§ WHAT TO PRODUCE: Reproduce the records below exactly as they appear, omitting any pictures they contain.

:: TASK DATA

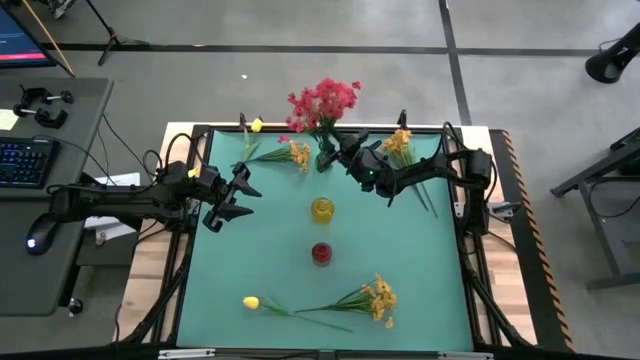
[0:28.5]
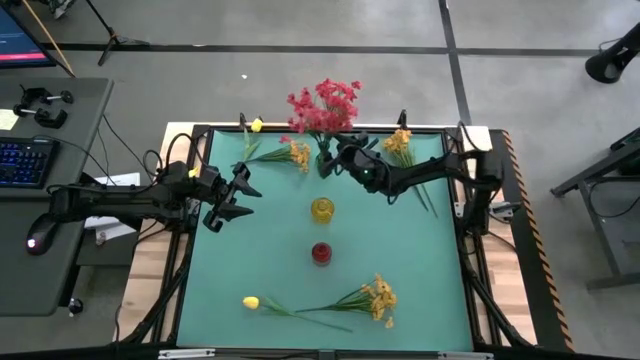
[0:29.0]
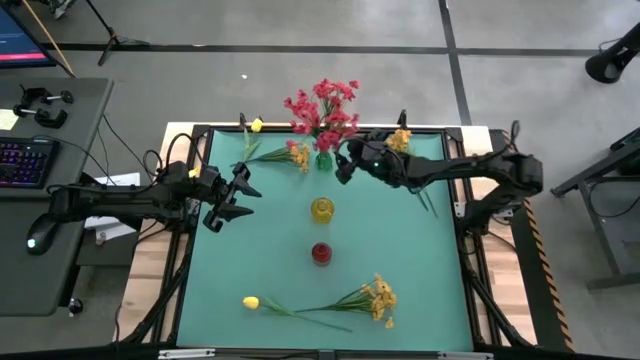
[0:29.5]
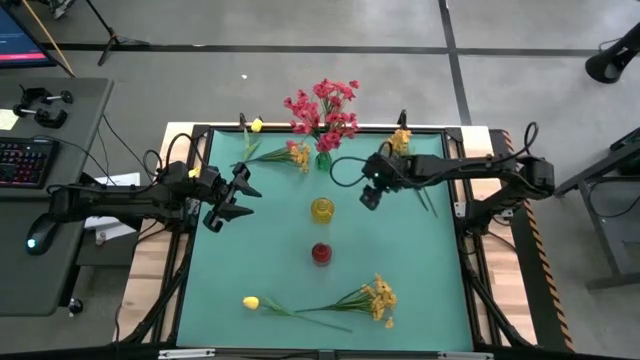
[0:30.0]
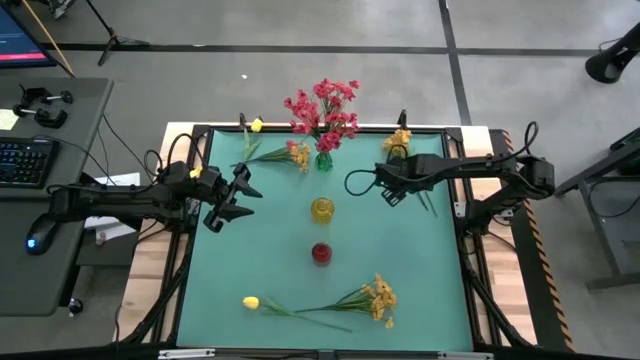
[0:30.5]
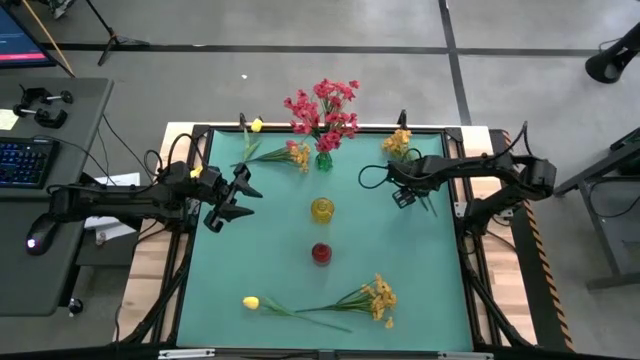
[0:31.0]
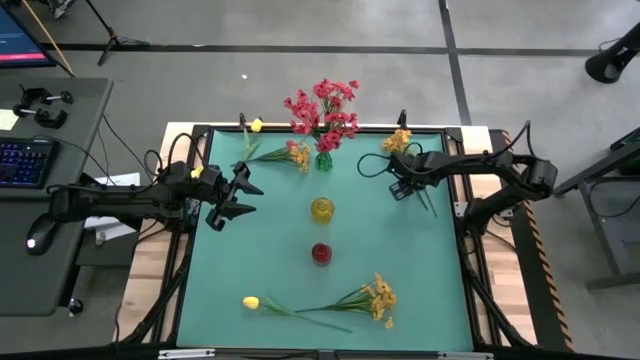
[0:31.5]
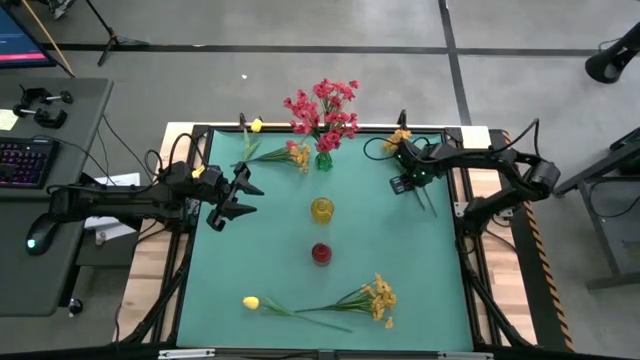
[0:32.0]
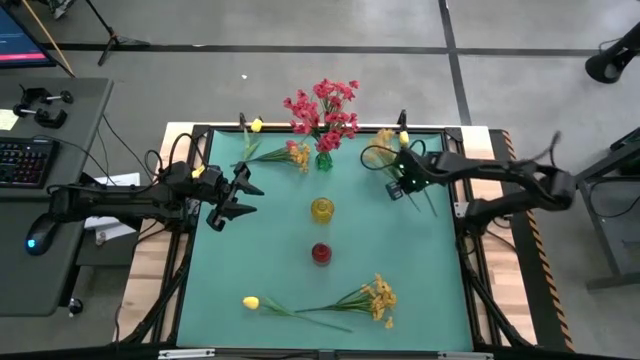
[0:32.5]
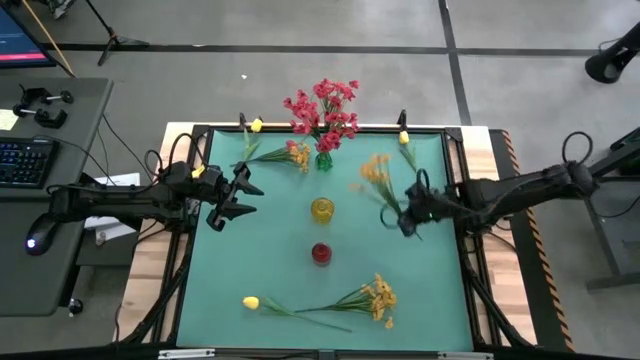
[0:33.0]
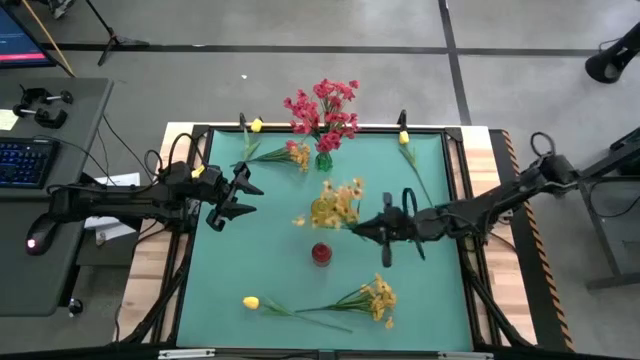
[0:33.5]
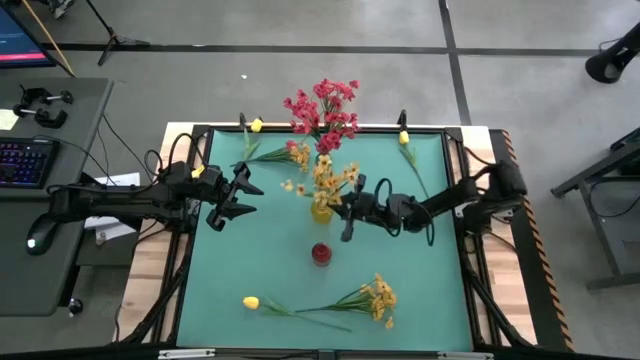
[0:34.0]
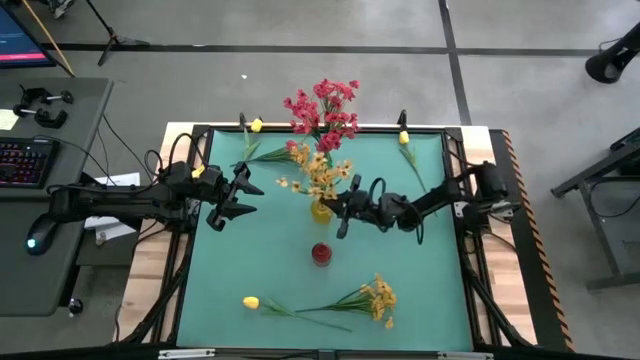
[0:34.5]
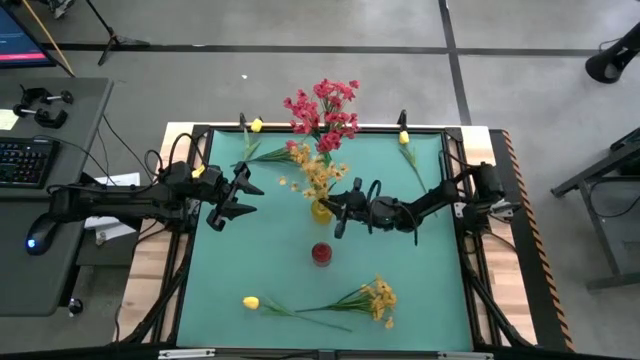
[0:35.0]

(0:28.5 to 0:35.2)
Task: Sort flowers into vase by color
Put the top right yellow flowers into the yellow vase

::::

§ COMPLETED EXERCISE:
[0:28.5]
[0:29.0]
[0:29.5]
[0:30.0]
[0:30.5]
[0:31.0]
[0:31.5]
[0:32.0]
[0:32.5]
[0:33.0]
[0:33.5]
[0:34.0]
[0:34.5]
[0:35.0]

(0:28.5 to 0:35.2)
Task: Sort flowers into vase by color
Put the top right yellow flowers into the yellow vase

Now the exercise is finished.